High-performance MCP server for log analysis. Give Claude the ability to analyze massive log files with SIMD-accelerated parsing. 5-50x faster than awk for aggregations.
Forensic Log MCP Server
A high-performance Model Context Protocol (MCP) server for log analysis, powered by Polars and custom SIMD-accelerated parsers.

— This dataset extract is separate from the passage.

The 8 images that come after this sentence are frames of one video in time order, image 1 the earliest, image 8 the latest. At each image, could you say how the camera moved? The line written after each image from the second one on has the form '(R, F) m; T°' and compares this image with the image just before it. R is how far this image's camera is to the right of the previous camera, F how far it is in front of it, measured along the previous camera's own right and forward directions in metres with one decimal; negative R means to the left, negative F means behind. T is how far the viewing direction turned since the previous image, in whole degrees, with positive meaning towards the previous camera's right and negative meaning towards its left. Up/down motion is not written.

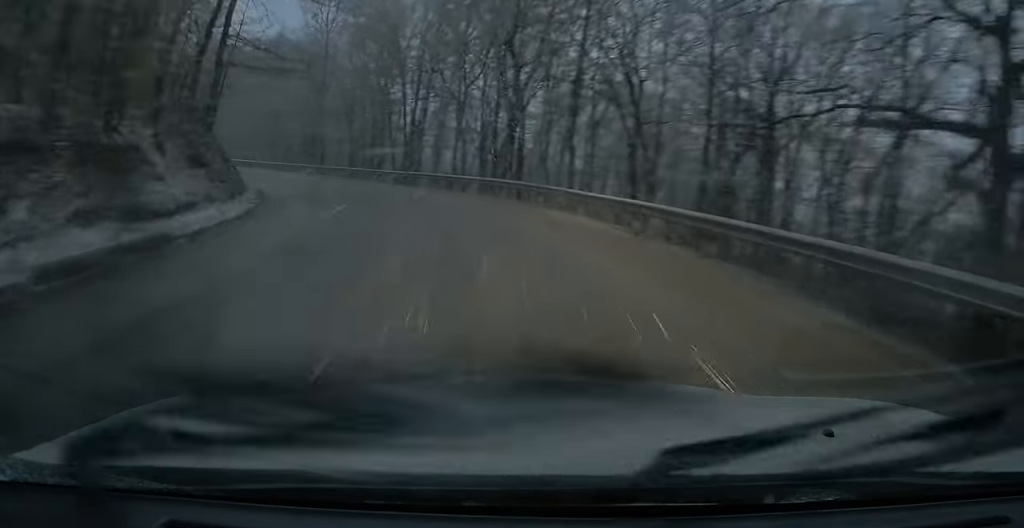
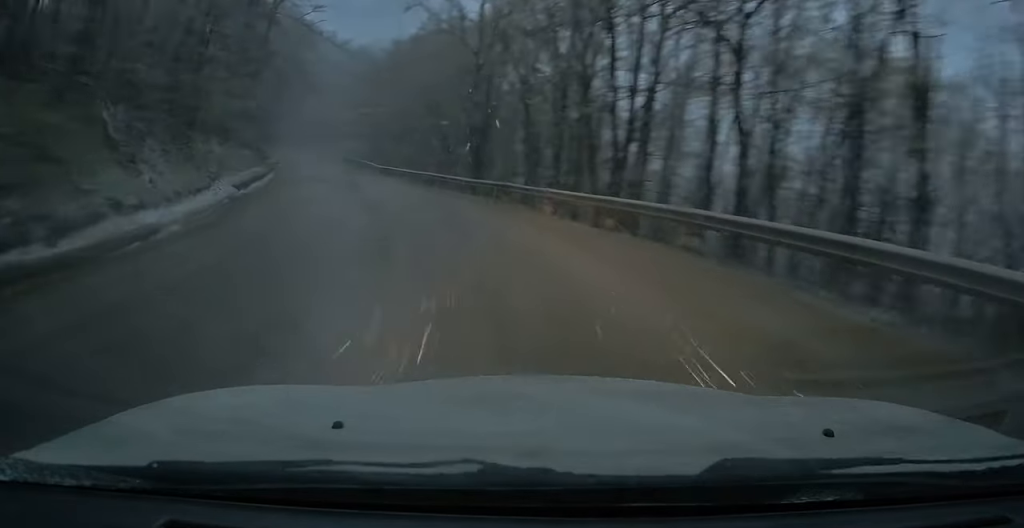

Give Claude the ability to analyze massive log files (gigabytes of data) that would never fit in its context window.
Features
- Fast Aggregations: 5-50x faster than awk on GROUP BY operations
- SIMD-Accelerated: Custom parsers using
memchrfor structured queries - Multi-Format: Apache, Nginx, Syslog, JSON Lines, CSV/TSV
- Streaming: Handles files larger than RAM via lazy evaluation
- AI-Native: Designed for Claude integration via MCP protocol
Performance
MCP excels at aggregation queries on large files (1M lines, 125MB Apache log):
| Operation | awk | MCP | Speedup | |-----------|-----|-----|---------| | Group by IP | 0.26s | 0.048s | 5x faster | | Group by method | 1.31s | 0.047s | 28x faster | | Group by user_agent | 2.40s | 0.049s | 50x faster | | Group by referer | 1.14s | 0.046s | 25x faster | | Sum size | 0.37s | 0.047s | 8x faster | | JSON group by (vs jq) | 1.65s | 0.16s | 11x faster |
Honest Assessment:
- MCP dominates GROUP BY/aggregation queries (5-50x faster)

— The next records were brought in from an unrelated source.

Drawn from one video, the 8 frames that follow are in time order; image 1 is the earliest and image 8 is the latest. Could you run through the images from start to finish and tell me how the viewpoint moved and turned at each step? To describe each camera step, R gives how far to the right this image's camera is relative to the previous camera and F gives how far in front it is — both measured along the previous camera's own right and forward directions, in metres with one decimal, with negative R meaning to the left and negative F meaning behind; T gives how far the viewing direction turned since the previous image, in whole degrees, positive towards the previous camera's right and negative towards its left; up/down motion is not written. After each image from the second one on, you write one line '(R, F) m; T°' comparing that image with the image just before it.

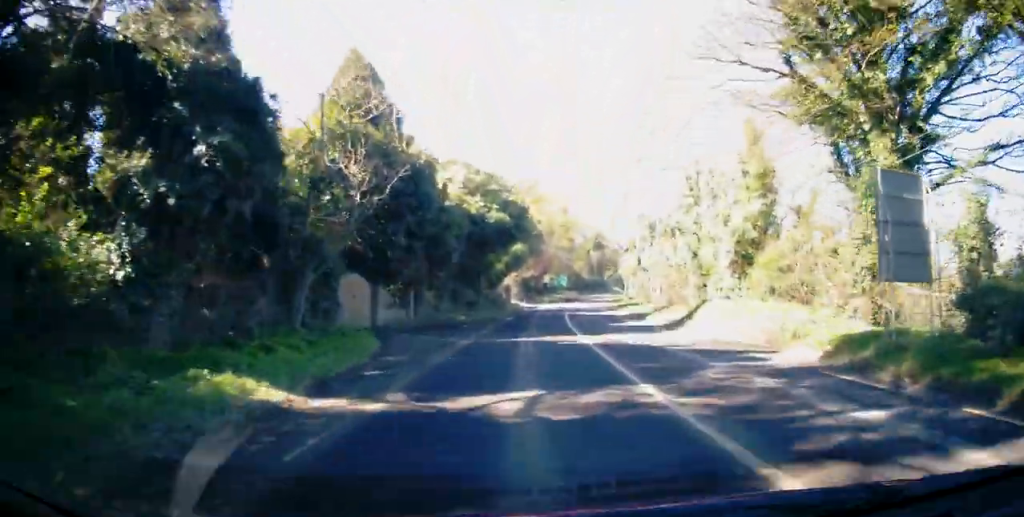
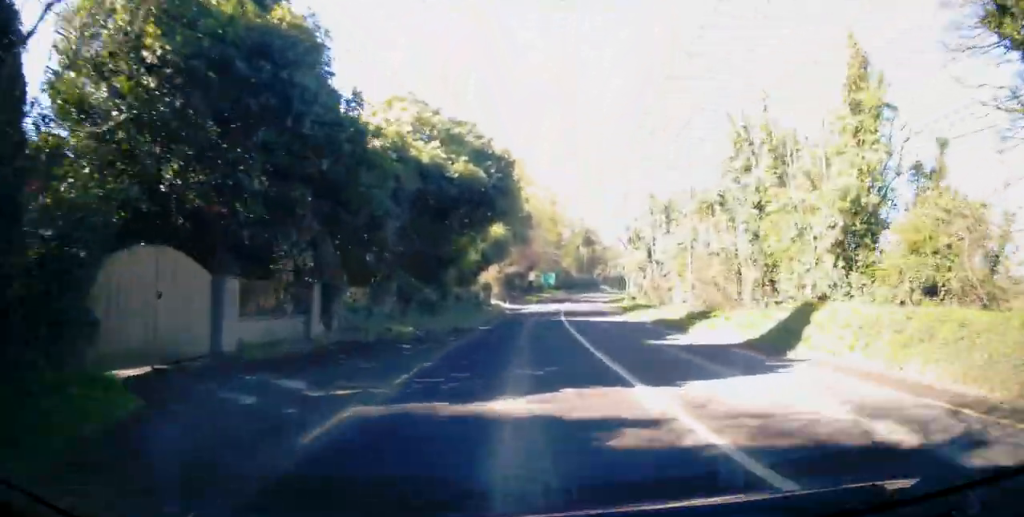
(0.0, +11.9) m; 0°
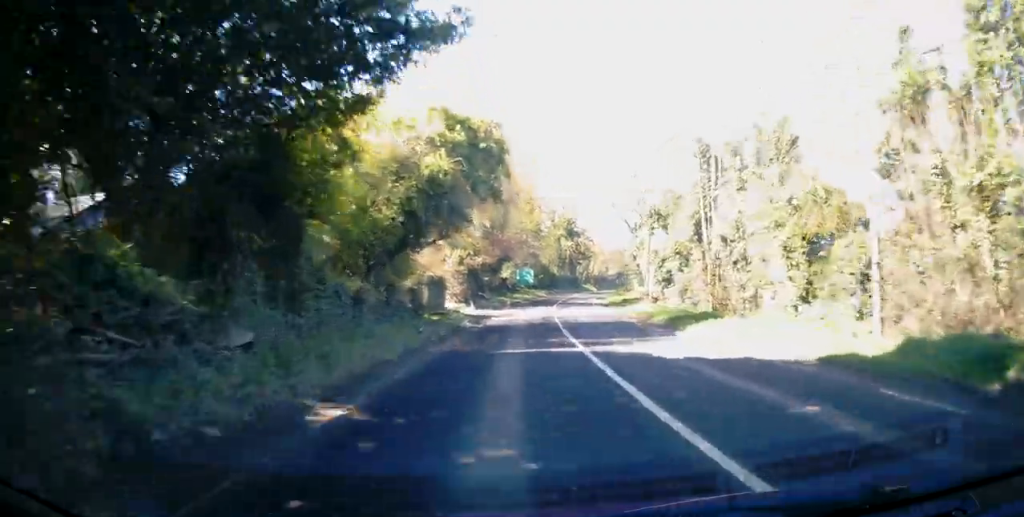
(0.0, +19.9) m; +2°
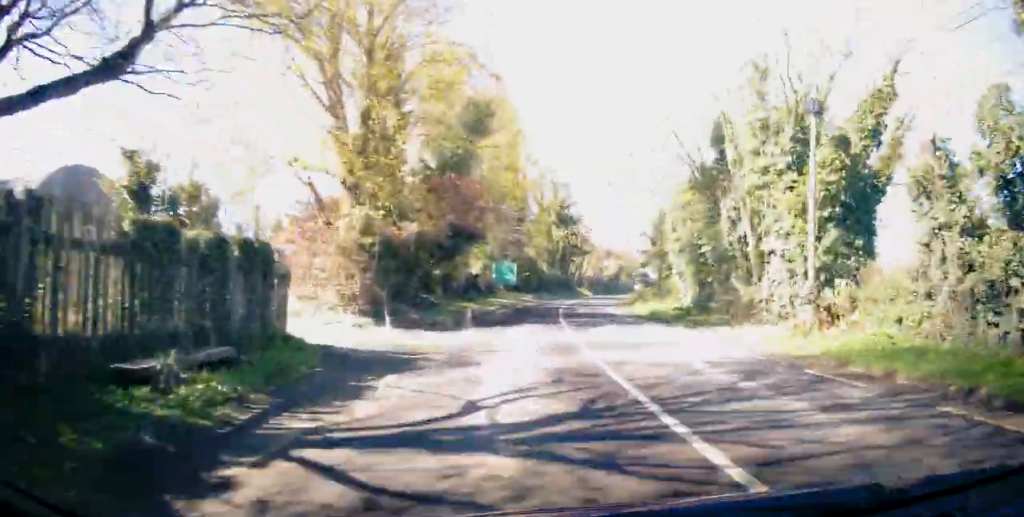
(+1.1, +24.7) m; +5°
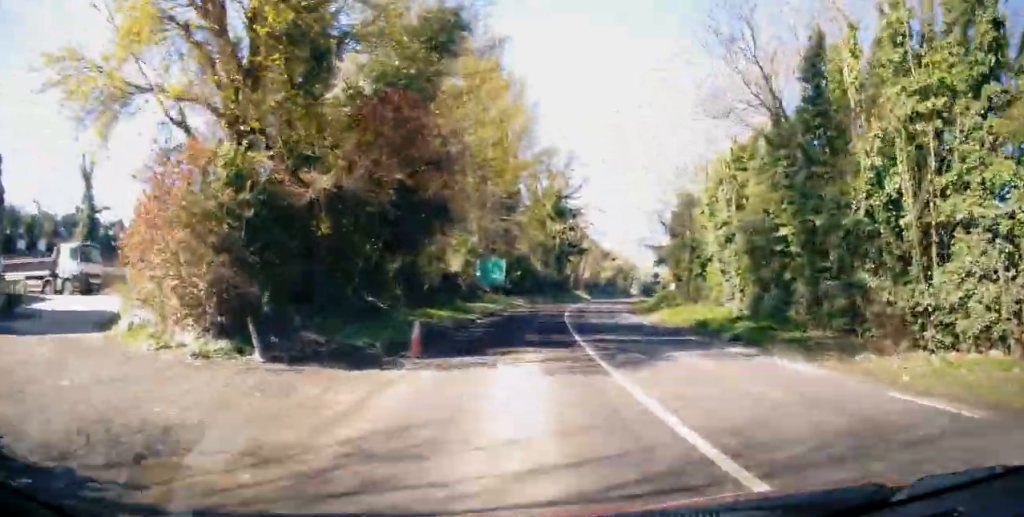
(+0.2, +9.6) m; +1°
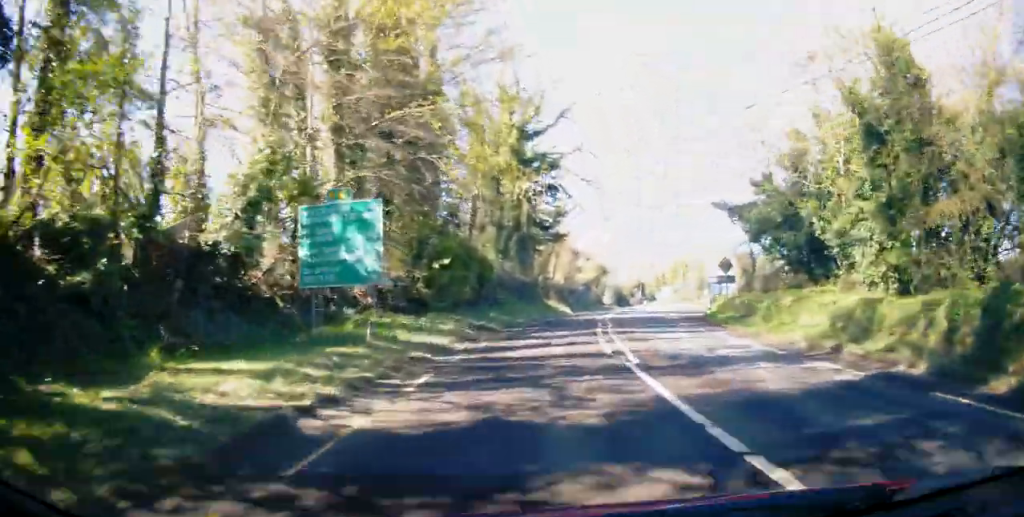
(+0.4, +32.6) m; +4°
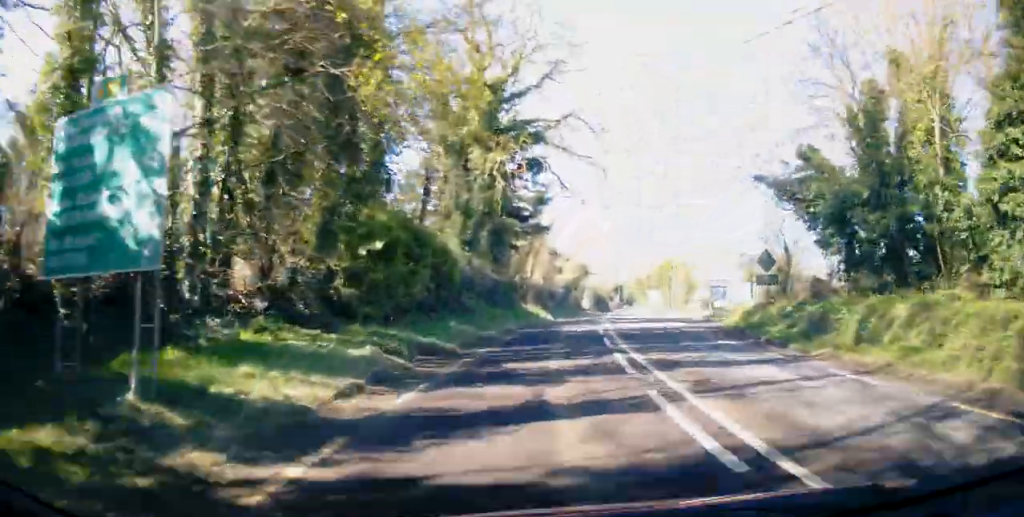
(+0.4, +8.7) m; +2°
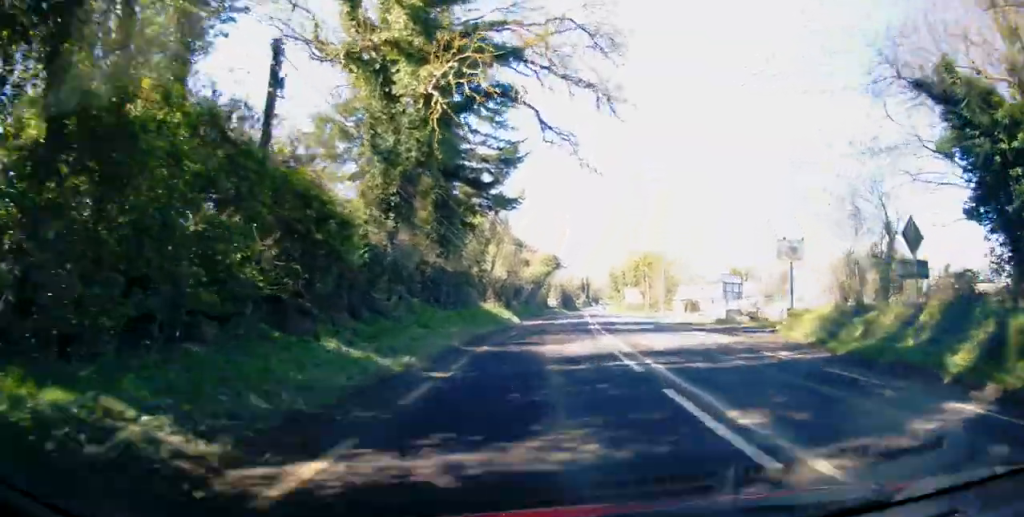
(+0.5, +12.1) m; +3°

- grep is ~24x faster for simple line counting (
grep -c) - MCP has ~57ms Python/MCP overhead, negligible on large files
See benchmark/BENCHMARK.md for detailed methodology and honest comparison.
Quick Start
Installation
# Clone the repository
git clone https://github.com/TLinvest/forensic-log-mcp.git
cd forensic-log-mcp
# Build the MCP server
cd mcp
cargo build --release
The binary will be at mcp/target/release/forensic-log-mcp.
Configuration
Add to your Claude Code project's .mcp.json:
{
"mcpServers": {
"forensic-logs": {
"type": "stdio",
"command": "/path/to/forensic-log-mcp",
"args": []
}
}
}
Or add globally to ~/.claude.json.
Usage Examples
Once configured, Claude can analyze your logs directly:
"Find all 500 errors in my nginx access log"

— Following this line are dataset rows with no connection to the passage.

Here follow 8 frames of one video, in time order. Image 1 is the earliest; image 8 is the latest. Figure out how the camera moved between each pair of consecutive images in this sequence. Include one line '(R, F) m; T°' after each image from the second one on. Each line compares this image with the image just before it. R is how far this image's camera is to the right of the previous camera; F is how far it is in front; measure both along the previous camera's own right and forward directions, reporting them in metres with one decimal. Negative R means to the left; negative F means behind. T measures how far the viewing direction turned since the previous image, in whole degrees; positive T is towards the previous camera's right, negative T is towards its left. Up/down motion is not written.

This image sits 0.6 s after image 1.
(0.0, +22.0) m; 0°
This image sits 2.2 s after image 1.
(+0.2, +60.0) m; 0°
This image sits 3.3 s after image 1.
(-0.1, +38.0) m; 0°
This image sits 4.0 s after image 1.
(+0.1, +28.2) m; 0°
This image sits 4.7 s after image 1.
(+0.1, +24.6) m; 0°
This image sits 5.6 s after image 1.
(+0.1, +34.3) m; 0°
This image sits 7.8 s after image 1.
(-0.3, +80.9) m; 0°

→ Uses analyze_logs with filter_status="500"
"Count requests by IP address"
→ Uses aggregate_logs with group_by="ip"
"Search for timeout errors in the last hour"
→ Uses search_pattern with regex matching
"Show me the error rate by hour"
→ Uses time_analysis with bucket="hour"
Available Tools
| Tool | Description |
|------|-------------|
| get_log_schema | Discover columns and sample data from a log file |
| analyze_logs | Filter, group, and sort log data |
| aggregate_logs | Perform statistical aggregations (count, sum, avg, min, max) |
| search_pattern | Search for regex patterns |
| time_analysis | Analyze logs over time with bucketing |
Supported Formats
| Format | Auto-Detected | SIMD Fast Path | |--------|---------------|----------------| | Apache/Nginx Combined | Yes | Yes | | Syslog (RFC 3164/5424) | Yes | Yes | | JSON Lines (NDJSON) | Yes | Polars-native | | CSV/TSV | Yes | Polars-native |
Project Structure
forensic-log-mcp/
├── mcp/ # MCP server source code
│ ├── src/
│ │ ├── main.rs # Entry point
│ │ ├── tools/ # MCP tool implementations
│ │ ├── parsers/ # Log format parsers
│ │ │ ├── apache_simd.rs # SIMD Apache parser
│ │ │ ├── syslog_simd.rs # SIMD Syslog parser
│ │ │ └── ...
│ │ └── engine/ # Query engine
│ ├── Cargo.toml
│ └── README.md # Detailed MCP documentation
├── benchmark/ # Performance benchmarks
│ ├── BENCHMARK.md # Detailed results
│ ├── run_benchmark.sh # Benchmark runner
│ └── scripts/ # Benchmark utilities
├── LICENSE
├── CONTRIBUTING.md
└── README.md # This file
How It's So Fast
- SIMD-Accelerated Parsing: Uses
memchrfor vectorized field detection - Zero-Copy Processing: Works directly with memory-mapped byte slices
- Parallel Chunk Processing: Splits files into 4MB chunks processed via
rayon - Lazy Field Extraction: Only parses fields needed for the query
- Predicate Pushdown: Filters during scan, not after loading
Requirements
- Rust 1.75+ (for building)
- Claude Code or any MCP-compatible client
Contributing
See CONTRIBUTING.md for guidelines.
License
MIT License - see LICENSE for details.